Access to care. Other policy changes increase access to care, including behavioral healthcare and accountable care organizations. Certain chronic pain management services are bundled into monthly payments to increase team-based care access with two new payment codes. Opioid treatment and recovery services furnished in mobile units to boost access for homeless and rural populations will be covered. A continued rollout of electronic prescribing of controlled substances under Part D continues with evaluating prescriber compliance and imposing steeper penalties by 2025.
Telehealth. A number of telehealth codes will remain available until 151 days after the end of the COVID-19 PHE. This allows CMS more time to determine whether codes should be made permanent. However, the temporary exception to allow direct supervision virtually for the provision of telehealth services by the clinical staff of physicians and other practitioners, including pharmacists, incident to their own professional services would no longer apply.

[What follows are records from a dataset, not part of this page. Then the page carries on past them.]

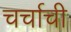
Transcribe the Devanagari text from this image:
चर्चाची
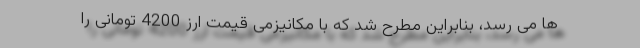
ها می رسد، بنابراین مطرح شد که با مکانیزمی قیمت ارز 4200 تومانی را
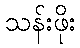
သန်းဖိုး
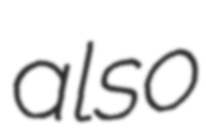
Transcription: also
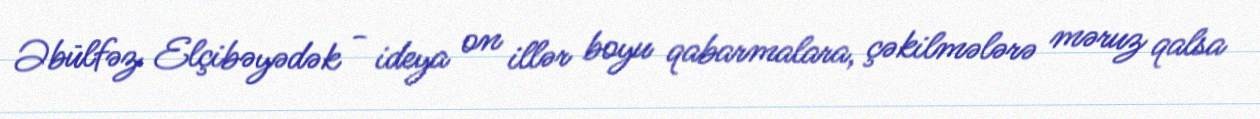
Əbülfəz Elçibəyədək - ideya on illər boyu qabarmalara, çəkilmələrə məruz qalsa
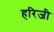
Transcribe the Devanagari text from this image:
हरिजी
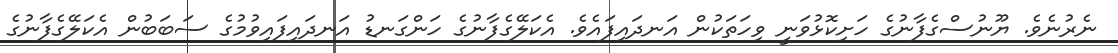
ނެރުނެވެ. ޔޫނުސްގެފާނުގެ ހަށިކޮޅުވަނީ ވިހަތަކުން އަނދައިފައެވެ. އެކަލޭގެފާނުގެ ހަންގަނޑު އަނދައިފައިވުމުގެ ސަބަބުން އެކަލޭގެފާނުގެ
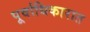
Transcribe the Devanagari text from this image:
पूर्वाधिकारात
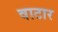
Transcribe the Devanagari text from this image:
वाटार
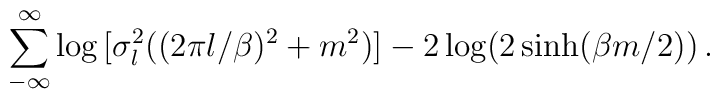
\sum_{-\infty}^\infty \log \big[\sigma_l^2 \big((2 \pi l / \beta)^2 + m^2 \big)\big]- 2 \log (2\sinh(\beta m/2))\,.
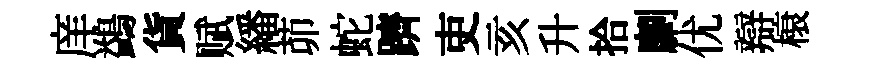
庠鷁貨赋繙茆蛇躋吏亥升拾劘优辯榱
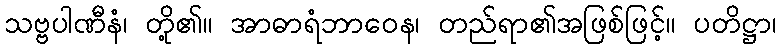
သဗ္ဗပါဏီနံ၊ တို့၏။ အာဓာရံဘာဝေန၊ တည်ရာ၏အဖြစ်ဖြင့်။ ပတိဋ္ဌာ၊
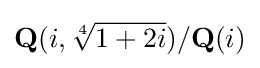
\mathbf {Q} (i,{\sqrt[{4}]{1+2i}})/\mathbf {Q} (i)
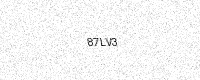
Text: 87LV3
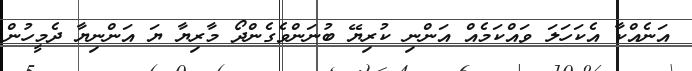
އަނެއްކާ އެކަހަލަ ވައްކަމެއް އަންނި ކުރިޔޭ ބުނަންވެގެންދޯ މާރިޔާ ޔަ އަންނިޔާ ދެމީހުން
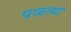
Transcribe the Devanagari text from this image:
पळत्या
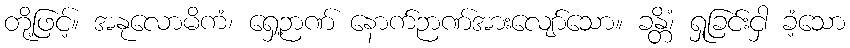
တို့ဖြင့်။ အနုလောမိကံ၊ ရှေ့ဉာဏ် နောက်ဉာဏ်အားလျော်သော။ ခန္တိံ၊ ရှုခြင်းငှါ ခံ့သော
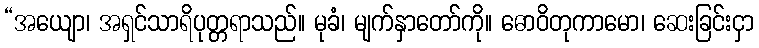
“အယျော၊ အရှင်သာရိပုတ္တရာသည်။ မုခံ၊ မျက်နှာတော်ကို။ ဓောဝိတုကာမော၊ ဆေးခြင်းငှာ
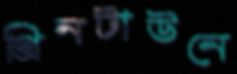
গ্রিনটাউনে
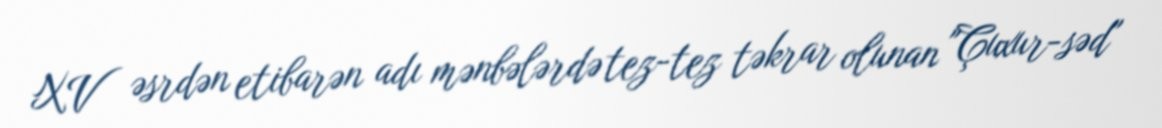
XV əsrdən etibarən adı mənbələrdə tez-tez təkrar olunan "Çuxur-səd"
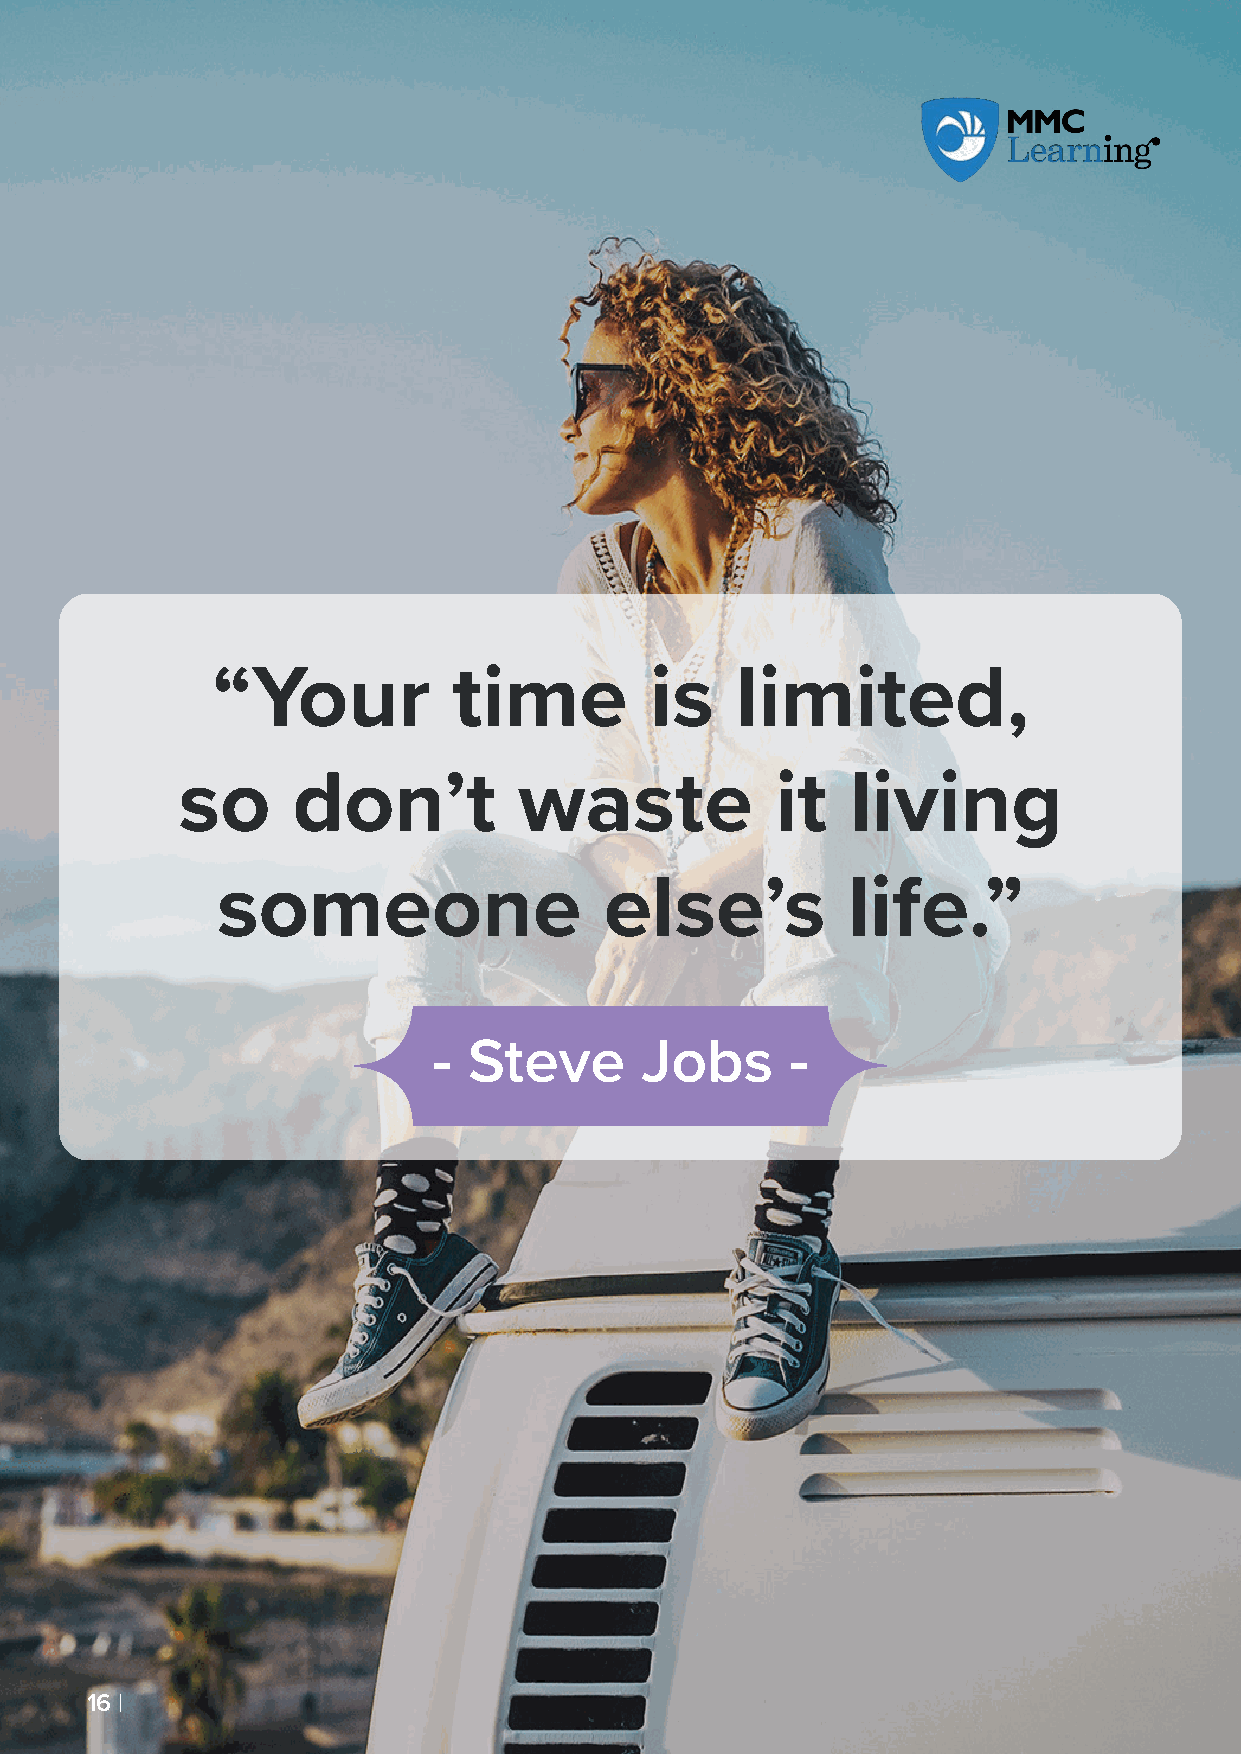
“Your           time         is    limited,
 so     don’t          waste            it   living
 someone                   else’s          life.”
 - Steve      Jobs      -
 1166 ||

Vaccines and antibodies. Regular updates to the payment for preventive vaccines and clarification about payment policies for vaccines and monoclonal antibody products for COVID-19 will remain in effect until the emergency use authorization for drugs and biological products ends, regardless of when the larger COVID-19 PHE ends. Implementing requirements for manufacturers of certain single-dose container or single-use package drugs to provide refunds for discarded amounts applies to waste billing in this setting as well. (See Rules and Regulations Affecting Revenue on page 10 of the Spring 2022 issue of BioSupply Trends Quarterly, available at cloud.3dissue.com/2744/3598/8733/BSTQ_2022-04_Online-Issue/index.html.)